The results obtained — while leaving fundamental questions about the pathogenetic role of beta-adrenergic receptors open — have enabled the validation of new experimental models, the identification of potential clinical biomarkers, and the development of tools for sex-specific research. The paradox of beta-blocker efficacy in heart failure remains an enigma yet to be solved, but this very contradiction underscores the complexity of the condition and the necessity of moving away from universal therapeutic approaches in favor of personalized strategies.
As highlighted throughout the conference, precision medicine is not simply an abstract concept, but a concrete clinical necessity for improving patient outcomes and optimizing the use of healthcare resources.

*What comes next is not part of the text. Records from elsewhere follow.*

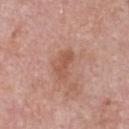follow-up = imaged on a skin check; not biopsied
TBP lesion metrics = a classifier nevus-likeness of about 0/100 and lesion-presence confidence of about 100/100
imaging modality = 15 mm crop, total-body photography
lighting = white-light
patient = male, about 55 years old
site = the chest
size = ~3.5 mm (longest diameter)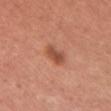biopsy_status: not biopsied; imaged during a skin examination
site: upper back
image:
  source: total-body photography crop
  field_of_view_mm: 15
patient:
  sex: female
  age_approx: 35
lesion_size:
  long_diameter_mm_approx: 3.0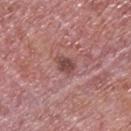biopsy status=no biopsy performed (imaged during a skin exam).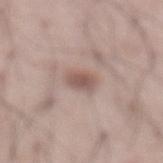Part of a total-body skin-imaging series; this lesion was reviewed on a skin check and was not flagged for biopsy. A male patient aged 53–57. The recorded lesion diameter is about 2.5 mm. The lesion is located on the abdomen. A roughly 15 mm field-of-view crop from a total-body skin photograph. The total-body-photography lesion software estimated roughly 11 lightness units darker than nearby skin and a lesion-to-skin contrast of about 7.5 (normalized; higher = more distinct).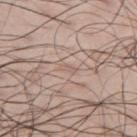Image and clinical context:
Longest diameter approximately 2 mm. Cropped from a total-body skin-imaging series; the visible field is about 15 mm. From the left upper arm. The patient is a male approximately 45 years of age.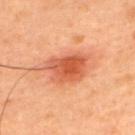follow-up: no biopsy performed (imaged during a skin exam)
body site: the upper back
subject: male, roughly 45 years of age
automated metrics: a footprint of about 15 mm², an outline eccentricity of about 0.75 (0 = round, 1 = elongated), and a shape-asymmetry score of about 0.25 (0 = symmetric); a mean CIELAB color near L≈56 a*≈31 b*≈37, about 13 CIELAB-L* units darker than the surrounding skin, and a lesion-to-skin contrast of about 8 (normalized; higher = more distinct); lesion-presence confidence of about 100/100
imaging modality: 15 mm crop, total-body photography
lighting: cross-polarized illumination
lesion size: ≈6 mm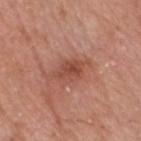Clinical impression:
Part of a total-body skin-imaging series; this lesion was reviewed on a skin check and was not flagged for biopsy.
Background:
The lesion-visualizer software estimated a mean CIELAB color near L≈48 a*≈26 b*≈29. A close-up tile cropped from a whole-body skin photograph, about 15 mm across. The patient is a male approximately 80 years of age. On the head or neck. Imaged with white-light lighting. Longest diameter approximately 3.5 mm.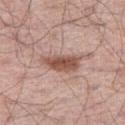follow-up: no biopsy performed (imaged during a skin exam)
patient: male, aged 58–62
acquisition: ~15 mm crop, total-body skin-cancer survey
site: the right thigh
tile lighting: white-light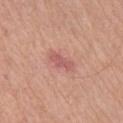Findings:
- workup — total-body-photography surveillance lesion; no biopsy
- subject — male, aged approximately 60
- anatomic site — the right upper arm
- imaging modality — 15 mm crop, total-body photography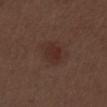Impression:
Part of a total-body skin-imaging series; this lesion was reviewed on a skin check and was not flagged for biopsy.
Clinical summary:
The recorded lesion diameter is about 3 mm. The tile uses white-light illumination. A lesion tile, about 15 mm wide, cut from a 3D total-body photograph. Automated tile analysis of the lesion measured a footprint of about 5 mm², a shape eccentricity near 0.7, and a symmetry-axis asymmetry near 0.25. The software also gave a lesion color around L≈28 a*≈19 b*≈22 in CIELAB and a lesion-to-skin contrast of about 6.5 (normalized; higher = more distinct). And it measured a nevus-likeness score of about 35/100 and a detector confidence of about 100 out of 100 that the crop contains a lesion. Located on the left thigh. A male patient, aged 68 to 72.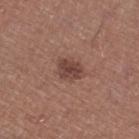Part of a total-body skin-imaging series; this lesion was reviewed on a skin check and was not flagged for biopsy. A 15 mm crop from a total-body photograph taken for skin-cancer surveillance. This is a white-light tile. About 3 mm across. The lesion is on the right thigh. The patient is a male approximately 65 years of age.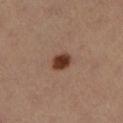Clinical impression:
No biopsy was performed on this lesion — it was imaged during a full skin examination and was not determined to be concerning.
Image and clinical context:
Measured at roughly 2.5 mm in maximum diameter. A 15 mm crop from a total-body photograph taken for skin-cancer surveillance. The lesion is on the leg. Imaged with cross-polarized lighting. The patient is a female aged around 35.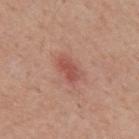The lesion was photographed on a routine skin check and not biopsied; there is no pathology result. A male patient, approximately 55 years of age. The lesion is located on the mid back. Cropped from a total-body skin-imaging series; the visible field is about 15 mm. Measured at roughly 3.5 mm in maximum diameter. Imaged with white-light lighting.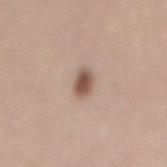Q: Was a biopsy performed?
A: imaged on a skin check; not biopsied
Q: Lesion location?
A: the lower back
Q: How was this image acquired?
A: ~15 mm crop, total-body skin-cancer survey
Q: What are the patient's age and sex?
A: male, approximately 45 years of age
Q: How was the tile lit?
A: white-light illumination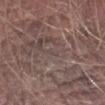Clinical impression:
Imaged during a routine full-body skin examination; the lesion was not biopsied and no histopathology is available.
Acquisition and patient details:
An algorithmic analysis of the crop reported a border-irregularity rating of about 4.5/10 and a color-variation rating of about 0/10. It also reported a nevus-likeness score of about 0/100 and a lesion-detection confidence of about 0/100. From the right forearm. A close-up tile cropped from a whole-body skin photograph, about 15 mm across. Longest diameter approximately 1.5 mm. A male subject, roughly 75 years of age. Captured under white-light illumination.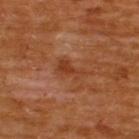Impression: Recorded during total-body skin imaging; not selected for excision or biopsy. Image and clinical context: A 15 mm crop from a total-body photograph taken for skin-cancer surveillance. A male subject, aged 63–67. The lesion-visualizer software estimated an eccentricity of roughly 0.85 and a symmetry-axis asymmetry near 0.5. The software also gave a lesion color around L≈38 a*≈26 b*≈34 in CIELAB and about 7 CIELAB-L* units darker than the surrounding skin. It also reported a lesion-detection confidence of about 100/100. Located on the upper back.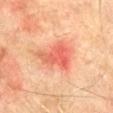{"biopsy_status": "not biopsied; imaged during a skin examination", "automated_metrics": {"area_mm2_approx": 11.0, "eccentricity": 0.6, "shape_asymmetry": 0.45, "border_irregularity_0_10": 4.5, "color_variation_0_10": 6.5, "peripheral_color_asymmetry": 2.5, "nevus_likeness_0_100": 0, "lesion_detection_confidence_0_100": 100}, "patient": {"sex": "male", "age_approx": 75}, "lighting": "cross-polarized", "image": {"source": "total-body photography crop", "field_of_view_mm": 15}, "site": "abdomen"}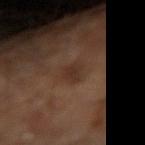Clinical impression:
The lesion was photographed on a routine skin check and not biopsied; there is no pathology result.
Acquisition and patient details:
On the right forearm. Cropped from a whole-body photographic skin survey; the tile spans about 15 mm. A male subject about 65 years old.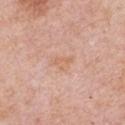A region of skin cropped from a whole-body photographic capture, roughly 15 mm wide.
A male patient, aged 73–77.
Located on the arm.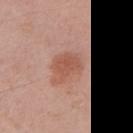biopsy status: catalogued during a skin exam; not biopsied | diameter: ≈4 mm | body site: the chest | patient: male, aged around 55 | imaging modality: total-body-photography crop, ~15 mm field of view | lighting: white-light | image-analysis metrics: a footprint of about 8.5 mm², an outline eccentricity of about 0.7 (0 = round, 1 = elongated), and a shape-asymmetry score of about 0.3 (0 = symmetric); a border-irregularity index near 3.5/10 and a peripheral color-asymmetry measure near 1; a nevus-likeness score of about 85/100 and a detector confidence of about 100 out of 100 that the crop contains a lesion.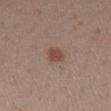– biopsy status — no biopsy performed (imaged during a skin exam)
– tile lighting — white-light
– body site — the leg
– image — ~15 mm crop, total-body skin-cancer survey
– patient — female, aged 28–32
– diameter — about 3 mm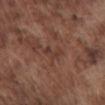subject: male, aged approximately 75 | anatomic site: the front of the torso | imaging modality: ~15 mm tile from a whole-body skin photo | image-analysis metrics: a footprint of about 4.5 mm², an outline eccentricity of about 0.75 (0 = round, 1 = elongated), and two-axis asymmetry of about 0.35; a lesion–skin lightness drop of about 5; lesion-presence confidence of about 90/100 | illumination: white-light.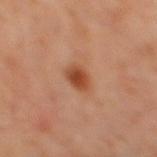{
  "biopsy_status": "not biopsied; imaged during a skin examination",
  "lesion_size": {
    "long_diameter_mm_approx": 3.0
  },
  "image": {
    "source": "total-body photography crop",
    "field_of_view_mm": 15
  },
  "patient": {
    "sex": "male",
    "age_approx": 60
  },
  "site": "mid back"
}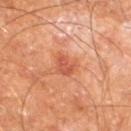{"biopsy_status": "not biopsied; imaged during a skin examination", "patient": {"sex": "male", "age_approx": 65}, "automated_metrics": {"border_irregularity_0_10": 3.0, "color_variation_0_10": 2.5, "peripheral_color_asymmetry": 1.0}, "lesion_size": {"long_diameter_mm_approx": 3.0}, "site": "right thigh", "lighting": "cross-polarized", "image": {"source": "total-body photography crop", "field_of_view_mm": 15}}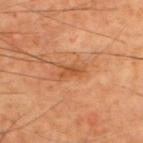notes: no biopsy performed (imaged during a skin exam); illumination: cross-polarized; subject: male, in their 60s; location: the upper back; lesion diameter: about 3 mm; image: 15 mm crop, total-body photography; image-analysis metrics: border irregularity of about 4 on a 0–10 scale, a within-lesion color-variation index near 2/10, and a peripheral color-asymmetry measure near 1.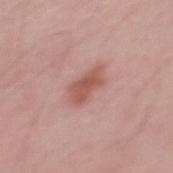{
  "biopsy_status": "not biopsied; imaged during a skin examination",
  "image": {
    "source": "total-body photography crop",
    "field_of_view_mm": 15
  },
  "patient": {
    "sex": "male",
    "age_approx": 30
  },
  "site": "back",
  "lighting": "white-light",
  "automated_metrics": {
    "area_mm2_approx": 7.5,
    "eccentricity": 0.85,
    "shape_asymmetry": 0.25,
    "border_irregularity_0_10": 3.0,
    "color_variation_0_10": 2.5,
    "nevus_likeness_0_100": 55,
    "lesion_detection_confidence_0_100": 100
  }
}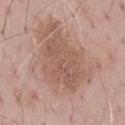Q: Is there a histopathology result?
A: imaged on a skin check; not biopsied
Q: What kind of image is this?
A: ~15 mm crop, total-body skin-cancer survey
Q: Patient demographics?
A: male, aged around 70
Q: Lesion location?
A: the mid back
Q: How was the tile lit?
A: white-light illumination
Q: Lesion size?
A: ~6.5 mm (longest diameter)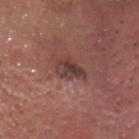| field | value |
|---|---|
| follow-up | no biopsy performed (imaged during a skin exam) |
| subject | male, about 55 years old |
| lesion size | ≈3.5 mm |
| acquisition | 15 mm crop, total-body photography |
| site | the head or neck |
| lighting | white-light |
| automated metrics | a shape eccentricity near 0.65; a lesion color around L≈39 a*≈21 b*≈21 in CIELAB, a lesion–skin lightness drop of about 9, and a normalized lesion–skin contrast near 7.5; border irregularity of about 3 on a 0–10 scale and internal color variation of about 5.5 on a 0–10 scale; an automated nevus-likeness rating near 5 out of 100 and lesion-presence confidence of about 100/100 |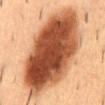No biopsy was performed on this lesion — it was imaged during a full skin examination and was not determined to be concerning. The lesion is on the mid back. Longest diameter approximately 13.5 mm. The lesion-visualizer software estimated two-axis asymmetry of about 0.1. It also reported a border-irregularity index near 2/10 and a peripheral color-asymmetry measure near 3. It also reported an automated nevus-likeness rating near 100 out of 100 and lesion-presence confidence of about 100/100. Cropped from a total-body skin-imaging series; the visible field is about 15 mm. This is a cross-polarized tile. A male subject in their mid-50s.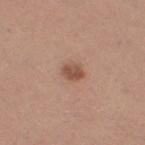Q: Was this lesion biopsied?
A: imaged on a skin check; not biopsied
Q: Automated lesion metrics?
A: an area of roughly 4 mm², an outline eccentricity of about 0.6 (0 = round, 1 = elongated), and a shape-asymmetry score of about 0.25 (0 = symmetric); a lesion color around L≈51 a*≈22 b*≈29 in CIELAB; border irregularity of about 2.5 on a 0–10 scale, a within-lesion color-variation index near 2/10, and peripheral color asymmetry of about 1
Q: Lesion location?
A: the right thigh
Q: How was this image acquired?
A: total-body-photography crop, ~15 mm field of view
Q: How large is the lesion?
A: about 2.5 mm
Q: What are the patient's age and sex?
A: female, aged around 30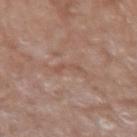<tbp_lesion>
<biopsy_status>not biopsied; imaged during a skin examination</biopsy_status>
<site>arm</site>
<image>
  <source>total-body photography crop</source>
  <field_of_view_mm>15</field_of_view_mm>
</image>
<patient>
  <sex>female</sex>
  <age_approx>75</age_approx>
</patient>
<lighting>white-light</lighting>
</tbp_lesion>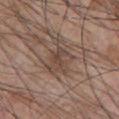  biopsy_status: not biopsied; imaged during a skin examination
  image:
    source: total-body photography crop
    field_of_view_mm: 15
  lighting: white-light
  patient:
    sex: male
    age_approx: 70
  site: front of the torso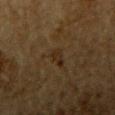  biopsy_status: not biopsied; imaged during a skin examination
  image:
    source: total-body photography crop
    field_of_view_mm: 15
  automated_metrics:
    eccentricity: 0.9
    shape_asymmetry: 0.4
    nevus_likeness_0_100: 35
    lesion_detection_confidence_0_100: 65
  patient:
    sex: male
    age_approx: 85+
  lesion_size:
    long_diameter_mm_approx: 3.0
  lighting: cross-polarized
  site: arm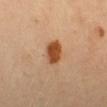biopsy status=catalogued during a skin exam; not biopsied | tile lighting=cross-polarized | image source=~15 mm crop, total-body skin-cancer survey | automated lesion analysis=an area of roughly 6.5 mm² and two-axis asymmetry of about 0.2; a nevus-likeness score of about 100/100 and lesion-presence confidence of about 100/100 | lesion size=~3 mm (longest diameter) | site=the head or neck | subject=female, aged 33–37.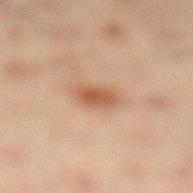biopsy status: imaged on a skin check; not biopsied | tile lighting: cross-polarized | subject: male, aged 43 to 47 | site: the leg | image: ~15 mm tile from a whole-body skin photo.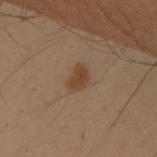biopsy status: imaged on a skin check; not biopsied
subject: female, aged approximately 50
anatomic site: the left upper arm
automated lesion analysis: a lesion–skin lightness drop of about 7 and a normalized border contrast of about 8; a border-irregularity index near 2.5/10, internal color variation of about 1.5 on a 0–10 scale, and radial color variation of about 0.5; an automated nevus-likeness rating near 95 out of 100 and a lesion-detection confidence of about 100/100
acquisition: ~15 mm crop, total-body skin-cancer survey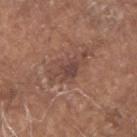biopsy_status: not biopsied; imaged during a skin examination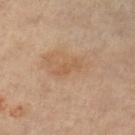Captured during whole-body skin photography for melanoma surveillance; the lesion was not biopsied. Longest diameter approximately 3.5 mm. The lesion is on the right thigh. A female patient aged around 75. A lesion tile, about 15 mm wide, cut from a 3D total-body photograph.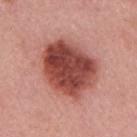Findings:
- workup · total-body-photography surveillance lesion; no biopsy
- automated metrics · an average lesion color of about L≈47 a*≈29 b*≈27 (CIELAB), about 18 CIELAB-L* units darker than the surrounding skin, and a normalized border contrast of about 12; a border-irregularity index near 1.5/10, a color-variation rating of about 7/10, and peripheral color asymmetry of about 2.5
- size · ≈7.5 mm
- acquisition · 15 mm crop, total-body photography
- tile lighting · white-light illumination
- site · the mid back
- subject · male, aged 58 to 62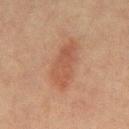| key | value |
|---|---|
| body site | the chest |
| automated metrics | about 7 CIELAB-L* units darker than the surrounding skin and a lesion-to-skin contrast of about 6 (normalized; higher = more distinct) |
| subject | male, aged 63 to 67 |
| tile lighting | cross-polarized illumination |
| image | ~15 mm tile from a whole-body skin photo |
| size | about 6.5 mm |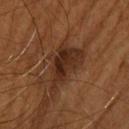Q: What did automated image analysis measure?
A: an area of roughly 15 mm², an outline eccentricity of about 0.85 (0 = round, 1 = elongated), and a shape-asymmetry score of about 0.55 (0 = symmetric)
Q: Patient demographics?
A: male, aged approximately 60
Q: What kind of image is this?
A: 15 mm crop, total-body photography
Q: Illumination type?
A: cross-polarized
Q: What is the anatomic site?
A: the upper back
Q: Lesion size?
A: about 6.5 mm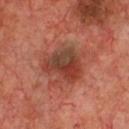biopsy status = imaged on a skin check; not biopsied
anatomic site = the front of the torso
lesion diameter = about 4.5 mm
TBP lesion metrics = a border-irregularity index near 3.5/10, a within-lesion color-variation index near 10/10, and a peripheral color-asymmetry measure near 5
patient = male, approximately 70 years of age
lighting = cross-polarized
image source = 15 mm crop, total-body photography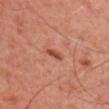| field | value |
|---|---|
| workup | total-body-photography surveillance lesion; no biopsy |
| image-analysis metrics | an area of roughly 2.5 mm², a shape eccentricity near 0.85, and a symmetry-axis asymmetry near 0.3; an average lesion color of about L≈46 a*≈27 b*≈31 (CIELAB), about 10 CIELAB-L* units darker than the surrounding skin, and a normalized lesion–skin contrast near 8; border irregularity of about 3 on a 0–10 scale, internal color variation of about 0.5 on a 0–10 scale, and radial color variation of about 0; a detector confidence of about 100 out of 100 that the crop contains a lesion |
| location | the right upper arm |
| image | ~15 mm tile from a whole-body skin photo |
| tile lighting | cross-polarized illumination |
| lesion diameter | ~2.5 mm (longest diameter) |
| patient | male, approximately 45 years of age |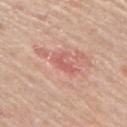biopsy status = imaged on a skin check; not biopsied | anatomic site = the right upper arm | patient = female, aged 68–72 | image source = ~15 mm tile from a whole-body skin photo.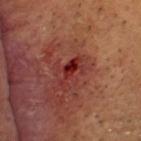Imaged during a routine full-body skin examination; the lesion was not biopsied and no histopathology is available.
Imaged with cross-polarized lighting.
Approximately 3.5 mm at its widest.
The lesion-visualizer software estimated a lesion area of about 5 mm², an eccentricity of roughly 0.9, and a symmetry-axis asymmetry near 0.4. It also reported an average lesion color of about L≈32 a*≈34 b*≈27 (CIELAB), roughly 10 lightness units darker than nearby skin, and a normalized lesion–skin contrast near 9. The analysis additionally found a detector confidence of about 100 out of 100 that the crop contains a lesion.
A region of skin cropped from a whole-body photographic capture, roughly 15 mm wide.
The patient is a male approximately 65 years of age.
On the head or neck.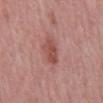Impression: The lesion was tiled from a total-body skin photograph and was not biopsied. Context: The lesion is on the mid back. This image is a 15 mm lesion crop taken from a total-body photograph. Approximately 4 mm at its widest. A male patient aged approximately 50.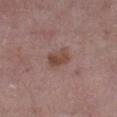Acquisition and patient details: The patient is a male aged approximately 75. A close-up tile cropped from a whole-body skin photograph, about 15 mm across. The lesion is on the right lower leg. The recorded lesion diameter is about 3 mm. This is a white-light tile.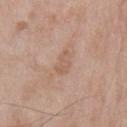Recorded during total-body skin imaging; not selected for excision or biopsy.
On the chest.
Automated image analysis of the tile measured a border-irregularity index near 3/10 and a within-lesion color-variation index near 2.5/10. And it measured a classifier nevus-likeness of about 0/100 and a lesion-detection confidence of about 100/100.
Cropped from a whole-body photographic skin survey; the tile spans about 15 mm.
Imaged with white-light lighting.
A male patient, approximately 65 years of age.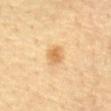{
  "biopsy_status": "not biopsied; imaged during a skin examination",
  "patient": {
    "sex": "female",
    "age_approx": 55
  },
  "image": {
    "source": "total-body photography crop",
    "field_of_view_mm": 15
  },
  "lesion_size": {
    "long_diameter_mm_approx": 2.5
  },
  "automated_metrics": {
    "area_mm2_approx": 5.0,
    "shape_asymmetry": 0.15,
    "cielab_L": 57,
    "cielab_a": 16,
    "cielab_b": 37,
    "vs_skin_darker_L": 9.0,
    "vs_skin_contrast_norm": 6.5
  },
  "site": "abdomen",
  "lighting": "cross-polarized"
}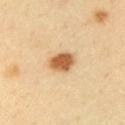No biopsy was performed on this lesion — it was imaged during a full skin examination and was not determined to be concerning. On the arm. A male subject, aged around 40. A lesion tile, about 15 mm wide, cut from a 3D total-body photograph.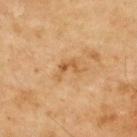Impression: Captured during whole-body skin photography for melanoma surveillance; the lesion was not biopsied. Acquisition and patient details: The lesion is located on the upper back. The total-body-photography lesion software estimated an area of roughly 4 mm², an eccentricity of roughly 0.8, and a symmetry-axis asymmetry near 0.5. The subject is a male aged around 70. A lesion tile, about 15 mm wide, cut from a 3D total-body photograph. The recorded lesion diameter is about 3 mm.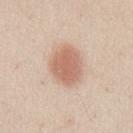follow-up: catalogued during a skin exam; not biopsied | tile lighting: white-light illumination | diameter: ≈4.5 mm | location: the chest | subject: male, in their mid- to late 20s | image source: 15 mm crop, total-body photography.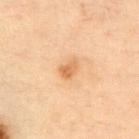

The HEAL ITALIA project, with its eight thematic areas (spokes) dedicated to different aspects of precision medicine, represents an exemplary model of how translational research can help transform clinical practice.
As Dr. Matarrese emphasized, the hope is that this significant investment in research may have a future — completing the studies already underway and delivering tangible benefits to patients with heart failure, while contributing to the development of a national precision medicine platform accessible to all Italian citizens, from the north to the south of the country.